▶ _What the task requires_
Below are several entries. Transcribe exactly those lines that fall from the one with "#458=LINE('',#4198,#848);" through the one with "#842=VECTOR('',#3381,1000.);", end lines included.

╭─ Data shown

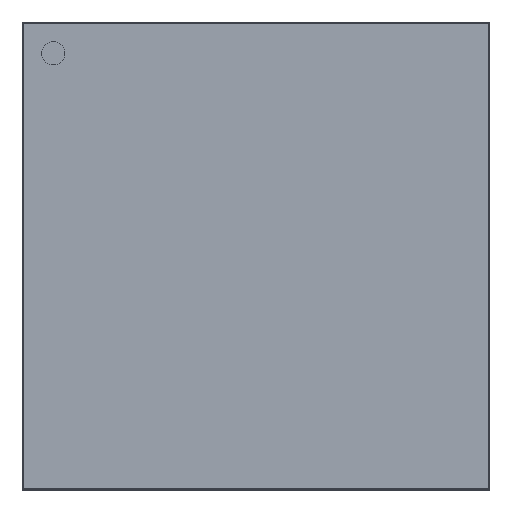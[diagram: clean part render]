
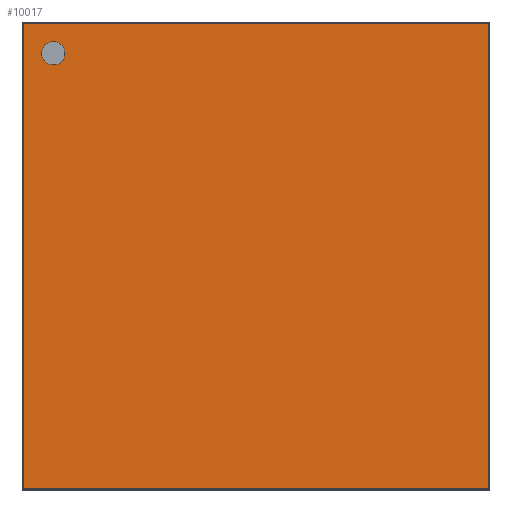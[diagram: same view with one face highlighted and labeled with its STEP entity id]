
A CAD part, top view. The second image highlights one B-rep face of the part: STEP entity #10017.
In plain terms, the highlighted planar face has unit normal (0, 0, 1).
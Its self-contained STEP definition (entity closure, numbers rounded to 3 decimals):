
#591=FACE_BOUND('',#2406,.T.);
#599=PLANE('',#11762);
#621=LINE('',#18205,#646);
#622=LINE('',#18207,#647);
#623=LINE('',#18209,#648);
#624=LINE('',#18210,#649);
#646=VECTOR('',#15264,1.);
#647=VECTOR('',#15265,1.);
#648=VECTOR('',#15266,1.);
#649=VECTOR('',#15267,1.);
#1239=FACE_OUTER_BOUND('',#2405,.T.);
#2405=EDGE_LOOP('',(#8251,#8252,#8253,#8254));
#2406=EDGE_LOOP('',(#8255));
#3563=CIRCLE('',#11753,0.4);
#4717=VERTEX_POINT('',#18162);
#4731=VERTEX_POINT('',#18203);
#4732=VERTEX_POINT('',#18204);
#4733=VERTEX_POINT('',#18206);
#4734=VERTEX_POINT('',#18208);
#5887=EDGE_CURVE('',#4717,#4717,#3563,.T.);
#5906=EDGE_CURVE('',#4731,#4732,#621,.T.);
#5907=EDGE_CURVE('',#4732,#4733,#622,.T.);
#5908=EDGE_CURVE('',#4733,#4734,#623,.T.);
#5909=EDGE_CURVE('',#4734,#4731,#624,.T.);
#8251=ORIENTED_EDGE('',*,*,#5906,.T.);
#8252=ORIENTED_EDGE('',*,*,#5907,.T.);
#8253=ORIENTED_EDGE('',*,*,#5908,.T.);
#8254=ORIENTED_EDGE('',*,*,#5909,.T.);
#8255=ORIENTED_EDGE('',*,*,#5887,.T.);
#10017=ADVANCED_FACE('',(#1239,#591),#599,.F.);
#11753=AXIS2_PLACEMENT_3D('',#18163,#15227,#15228);
#11762=AXIS2_PLACEMENT_3D('',#18202,#15262,#15263);
#15227=DIRECTION('center_axis',(0.,0.,-1.));
#15228=DIRECTION('ref_axis',(1.,0.,0.));
#15262=DIRECTION('center_axis',(0.,0.,-1.));
#15263=DIRECTION('ref_axis',(1.,0.,0.));
#15264=DIRECTION('',(0.,1.,0.));
#15265=DIRECTION('',(-1.,0.,0.));
#15266=DIRECTION('',(0.,-1.,0.));
#15267=DIRECTION('',(1.,0.,0.));
#18162=CARTESIAN_POINT('',(-7.333,6.933,1.1));
#18163=CARTESIAN_POINT('Origin',(-6.933,6.933,1.1));
#18202=CARTESIAN_POINT('Origin',(0.,0.,1.1));
#18203=CARTESIAN_POINT('',(7.95,-7.95,1.1));
#18204=CARTESIAN_POINT('',(7.95,7.95,1.1));
#18205=CARTESIAN_POINT('',(7.95,0.,1.1));
#18206=CARTESIAN_POINT('',(-7.95,7.95,1.1));
#18207=CARTESIAN_POINT('',(0.,7.95,1.1));
#18208=CARTESIAN_POINT('',(-7.95,-7.95,1.1));
#18209=CARTESIAN_POINT('',(-7.95,0.,1.1));
#18210=CARTESIAN_POINT('',(0.,-7.95,1.1));
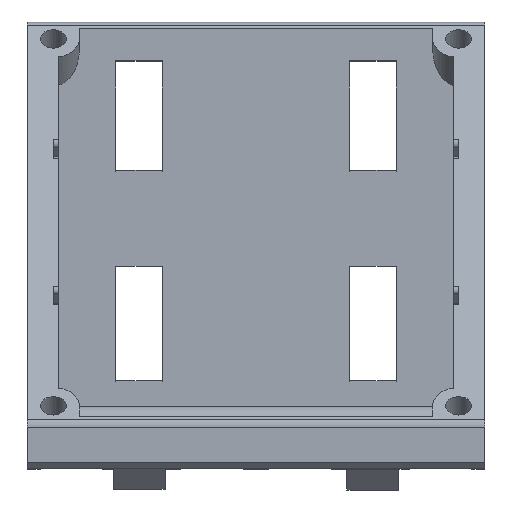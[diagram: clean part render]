
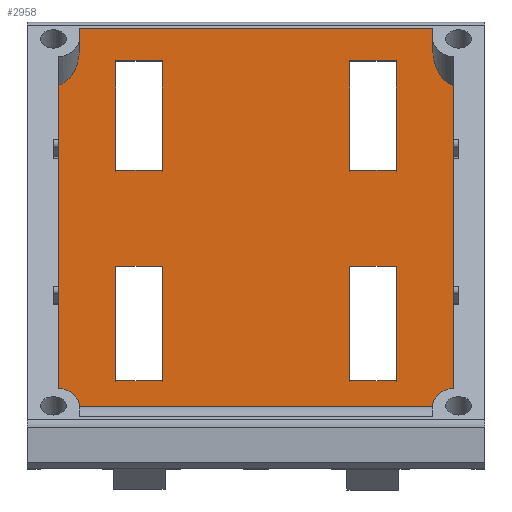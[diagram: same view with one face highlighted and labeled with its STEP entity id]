
A CAD part, top view. The second image highlights one B-rep face of the part: STEP entity #2958.
In plain terms, the highlighted planar face has unit normal (0, 0, 1).
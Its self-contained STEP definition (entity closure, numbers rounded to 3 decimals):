
#84=FACE_BOUND('',#265,.T.);
#85=FACE_BOUND('',#266,.T.);
#86=FACE_BOUND('',#267,.T.);
#87=FACE_BOUND('',#268,.T.);
#107=FACE_OUTER_BOUND('',#264,.T.);
#264=EDGE_LOOP('',(#1952,#1953,#1954,#1955,#1956,#1957,#1958,#1959));
#265=EDGE_LOOP('',(#1960,#1961,#1962,#1963));
#266=EDGE_LOOP('',(#1964,#1965,#1966,#1967));
#267=EDGE_LOOP('',(#1968,#1969,#1970,#1971));
#268=EDGE_LOOP('',(#1972,#1973,#1974,#1975));
#444=ELLIPSE('',#3164,7.071,5.);
#445=ELLIPSE('',#3165,7.071,5.);
#448=LINE('',#4174,#838);
#449=LINE('',#4178,#839);
#450=LINE('',#4180,#840);
#451=LINE('',#4182,#841);
#452=LINE('',#4186,#842);
#453=LINE('',#4187,#843);
#454=LINE('',#4190,#844);
#455=LINE('',#4192,#845);
#456=LINE('',#4194,#846);
#457=LINE('',#4195,#847);
#458=LINE('',#4198,#848);
#459=LINE('',#4200,#849);
#460=LINE('',#4202,#850);
#461=LINE('',#4203,#851);
#462=LINE('',#4206,#852);
#463=LINE('',#4208,#853);
#464=LINE('',#4210,#854);
#465=LINE('',#4211,#855);
#466=LINE('',#4214,#856);
#467=LINE('',#4216,#857);
#468=LINE('',#4218,#858);
#469=LINE('',#4219,#859);
#838=VECTOR('',#3373,1000.);
#839=VECTOR('',#3376,1000.);
#840=VECTOR('',#3377,1000.);
#841=VECTOR('',#3378,1000.);
#842=VECTOR('',#3381,1000.);
#843=VECTOR('',#3382,1000.);
#844=VECTOR('',#3383,1000.);
#845=VECTOR('',#3384,1000.);
#846=VECTOR('',#3385,1000.);
#847=VECTOR('',#3386,1000.);
#848=VECTOR('',#3387,1000.);
#849=VECTOR('',#3388,1000.);
#850=VECTOR('',#3389,1000.);
#851=VECTOR('',#3390,1000.);
#852=VECTOR('',#3391,1000.);
#853=VECTOR('',#3392,1000.);
#854=VECTOR('',#3393,1000.);
#855=VECTOR('',#3394,1000.);
#856=VECTOR('',#3395,1000.);
#857=VECTOR('',#3396,1000.);
#858=VECTOR('',#3397,1000.);
#859=VECTOR('',#3398,1000.);
#1228=VERTEX_POINT('',#4172);
#1229=VERTEX_POINT('',#4173);
#1230=VERTEX_POINT('',#4175);
#1231=VERTEX_POINT('',#4177);
#1232=VERTEX_POINT('',#4179);
#1233=VERTEX_POINT('',#4181);
#1234=VERTEX_POINT('',#4183);
#1235=VERTEX_POINT('',#4185);
#1236=VERTEX_POINT('',#4188);
#1237=VERTEX_POINT('',#4189);
#1238=VERTEX_POINT('',#4191);
#1239=VERTEX_POINT('',#4193);
#1240=VERTEX_POINT('',#4196);
#1241=VERTEX_POINT('',#4197);
#1242=VERTEX_POINT('',#4199);
#1243=VERTEX_POINT('',#4201);
#1244=VERTEX_POINT('',#4204);
#1245=VERTEX_POINT('',#4205);
#1246=VERTEX_POINT('',#4207);
#1247=VERTEX_POINT('',#4209);
#1248=VERTEX_POINT('',#4212);
#1249=VERTEX_POINT('',#4213);
#1250=VERTEX_POINT('',#4215);
#1251=VERTEX_POINT('',#4217);
#1516=EDGE_CURVE('',#1228,#1229,#448,.T.);
#1517=EDGE_CURVE('',#1229,#1230,#444,.F.);
#1518=EDGE_CURVE('',#1230,#1231,#449,.T.);
#1519=EDGE_CURVE('',#1231,#1232,#450,.T.);
#1520=EDGE_CURVE('',#1232,#1233,#451,.T.);
#1521=EDGE_CURVE('',#1233,#1234,#445,.F.);
#1522=EDGE_CURVE('',#1235,#1234,#452,.T.);
#1523=EDGE_CURVE('',#1228,#1235,#453,.T.);
#1524=EDGE_CURVE('',#1236,#1237,#454,.T.);
#1525=EDGE_CURVE('',#1237,#1238,#455,.T.);
#1526=EDGE_CURVE('',#1239,#1238,#456,.T.);
#1527=EDGE_CURVE('',#1236,#1239,#457,.T.);
#1528=EDGE_CURVE('',#1240,#1241,#458,.T.);
#1529=EDGE_CURVE('',#1241,#1242,#459,.T.);
#1530=EDGE_CURVE('',#1243,#1242,#460,.T.);
#1531=EDGE_CURVE('',#1240,#1243,#461,.T.);
#1532=EDGE_CURVE('',#1244,#1245,#462,.T.);
#1533=EDGE_CURVE('',#1245,#1246,#463,.T.);
#1534=EDGE_CURVE('',#1247,#1246,#464,.T.);
#1535=EDGE_CURVE('',#1244,#1247,#465,.T.);
#1536=EDGE_CURVE('',#1248,#1249,#466,.T.);
#1537=EDGE_CURVE('',#1249,#1250,#467,.T.);
#1538=EDGE_CURVE('',#1251,#1250,#468,.T.);
#1539=EDGE_CURVE('',#1248,#1251,#469,.T.);
#1952=ORIENTED_EDGE('',*,*,#1516,.T.);
#1953=ORIENTED_EDGE('',*,*,#1517,.T.);
#1954=ORIENTED_EDGE('',*,*,#1518,.T.);
#1955=ORIENTED_EDGE('',*,*,#1519,.T.);
#1956=ORIENTED_EDGE('',*,*,#1520,.T.);
#1957=ORIENTED_EDGE('',*,*,#1521,.T.);
#1958=ORIENTED_EDGE('',*,*,#1522,.F.);
#1959=ORIENTED_EDGE('',*,*,#1523,.F.);
#1960=ORIENTED_EDGE('',*,*,#1524,.T.);
#1961=ORIENTED_EDGE('',*,*,#1525,.T.);
#1962=ORIENTED_EDGE('',*,*,#1526,.F.);
#1963=ORIENTED_EDGE('',*,*,#1527,.F.);
#1964=ORIENTED_EDGE('',*,*,#1528,.T.);
#1965=ORIENTED_EDGE('',*,*,#1529,.T.);
#1966=ORIENTED_EDGE('',*,*,#1530,.F.);
#1967=ORIENTED_EDGE('',*,*,#1531,.F.);
#1968=ORIENTED_EDGE('',*,*,#1532,.T.);
#1969=ORIENTED_EDGE('',*,*,#1533,.T.);
#1970=ORIENTED_EDGE('',*,*,#1534,.F.);
#1971=ORIENTED_EDGE('',*,*,#1535,.F.);
#1972=ORIENTED_EDGE('',*,*,#1536,.T.);
#1973=ORIENTED_EDGE('',*,*,#1537,.T.);
#1974=ORIENTED_EDGE('',*,*,#1538,.F.);
#1975=ORIENTED_EDGE('',*,*,#1539,.F.);
#2824=PLANE('',#3163);
#2958=ADVANCED_FACE('',(#107,#84,#85,#86,#87),#2824,.T.);
#3163=AXIS2_PLACEMENT_3D('',#4171,#3371,#3372);
#3164=AXIS2_PLACEMENT_3D('',#4176,#3374,#3375);
#3165=AXIS2_PLACEMENT_3D('',#4184,#3379,#3380);
#3371=DIRECTION('center_axis',(0.,0.,1.));
#3372=DIRECTION('ref_axis',(1.,0.,0.));
#3373=DIRECTION('',(0.,1.,0.));
#3374=DIRECTION('center_axis',(0.,0.,1.));
#3375=DIRECTION('ref_axis',(0.,1.,0.));
#3376=DIRECTION('',(0.,1.,0.));
#3377=DIRECTION('',(-1.,0.,0.));
#3378=DIRECTION('',(0.,-1.,0.));
#3379=DIRECTION('center_axis',(0.,0.,1.));
#3380=DIRECTION('ref_axis',(0.,1.,0.));
#3381=DIRECTION('',(0.,1.,0.));
#3382=DIRECTION('',(-1.,0.,0.));
#3383=DIRECTION('',(0.,-1.,0.));
#3384=DIRECTION('',(-1.,0.,0.));
#3385=DIRECTION('',(0.,-1.,0.));
#3386=DIRECTION('',(-1.,0.,0.));
#3387=DIRECTION('',(0.,-1.,0.));
#3388=DIRECTION('',(-1.,0.,0.));
#3389=DIRECTION('',(0.,-1.,0.));
#3390=DIRECTION('',(-1.,0.,0.));
#3391=DIRECTION('',(0.,-1.,0.));
#3392=DIRECTION('',(-1.,0.,0.));
#3393=DIRECTION('',(0.,-1.,0.));
#3394=DIRECTION('',(-1.,0.,0.));
#3395=DIRECTION('',(0.,-1.,0.));
#3396=DIRECTION('',(-1.,0.,0.));
#3397=DIRECTION('',(0.,-1.,0.));
#3398=DIRECTION('',(-1.,0.,0.));
#4171=CARTESIAN_POINT('Origin',(38.,12.,10.));
#4172=CARTESIAN_POINT('',(38.,12.,10.));
#4173=CARTESIAN_POINT('',(38.,73.782,10.));
#4174=CARTESIAN_POINT('',(38.,12.,10.));
#4175=CARTESIAN_POINT('',(34.,80.711,10.));
#4176=CARTESIAN_POINT('Origin',(39.,80.711,10.));
#4177=CARTESIAN_POINT('',(34.,84.752,10.));
#4178=CARTESIAN_POINT('',(34.,12.,10.));
#4179=CARTESIAN_POINT('',(-34.,84.752,10.));
#4180=CARTESIAN_POINT('',(44.,84.752,10.));
#4181=CARTESIAN_POINT('',(-34.,80.711,10.));
#4182=CARTESIAN_POINT('',(-34.,12.,10.));
#4183=CARTESIAN_POINT('',(-38.,73.782,10.));
#4184=CARTESIAN_POINT('Origin',(-39.,80.711,10.));
#4185=CARTESIAN_POINT('',(-38.,12.,10.));
#4186=CARTESIAN_POINT('',(-38.,12.,10.));
#4187=CARTESIAN_POINT('',(38.,12.,10.));
#4188=CARTESIAN_POINT('',(-18.,39.,10.));
#4189=CARTESIAN_POINT('',(-18.,17.,10.));
#4190=CARTESIAN_POINT('',(-18.,39.,10.));
#4191=CARTESIAN_POINT('',(-27.,17.,10.));
#4192=CARTESIAN_POINT('',(-18.,17.,10.));
#4193=CARTESIAN_POINT('',(-27.,39.,10.));
#4194=CARTESIAN_POINT('',(-27.,39.,10.));
#4195=CARTESIAN_POINT('',(-18.,39.,10.));
#4196=CARTESIAN_POINT('',(-18.,78.5,10.));
#4197=CARTESIAN_POINT('',(-18.,57.5,10.));
#4198=CARTESIAN_POINT('',(-18.,78.5,10.));
#4199=CARTESIAN_POINT('',(-27.,57.5,10.));
#4200=CARTESIAN_POINT('',(-18.,57.5,10.));
#4201=CARTESIAN_POINT('',(-27.,78.5,10.));
#4202=CARTESIAN_POINT('',(-27.,78.5,10.));
#4203=CARTESIAN_POINT('',(-18.,78.5,10.));
#4204=CARTESIAN_POINT('',(27.,39.,10.));
#4205=CARTESIAN_POINT('',(27.,17.,10.));
#4206=CARTESIAN_POINT('',(27.,39.,10.));
#4207=CARTESIAN_POINT('',(18.,17.,10.));
#4208=CARTESIAN_POINT('',(27.,17.,10.));
#4209=CARTESIAN_POINT('',(18.,39.,10.));
#4210=CARTESIAN_POINT('',(18.,39.,10.));
#4211=CARTESIAN_POINT('',(27.,39.,10.));
#4212=CARTESIAN_POINT('',(27.,78.5,10.));
#4213=CARTESIAN_POINT('',(27.,57.5,10.));
#4214=CARTESIAN_POINT('',(27.,78.5,10.));
#4215=CARTESIAN_POINT('',(18.,57.5,10.));
#4216=CARTESIAN_POINT('',(27.,57.5,10.));
#4217=CARTESIAN_POINT('',(18.,78.5,10.));
#4218=CARTESIAN_POINT('',(18.,78.5,10.));
#4219=CARTESIAN_POINT('',(27.,78.5,10.));

╰─

▶ _Answer for this exercise_
#458=LINE('',#4198,#848);
#459=LINE('',#4200,#849);
#460=LINE('',#4202,#850);
#461=LINE('',#4203,#851);
#462=LINE('',#4206,#852);
#463=LINE('',#4208,#853);
#464=LINE('',#4210,#854);
#465=LINE('',#4211,#855);
#466=LINE('',#4214,#856);
#467=LINE('',#4216,#857);
#468=LINE('',#4218,#858);
#469=LINE('',#4219,#859);
#838=VECTOR('',#3373,1000.);
#839=VECTOR('',#3376,1000.);
#840=VECTOR('',#3377,1000.);
#841=VECTOR('',#3378,1000.);
#842=VECTOR('',#3381,1000.);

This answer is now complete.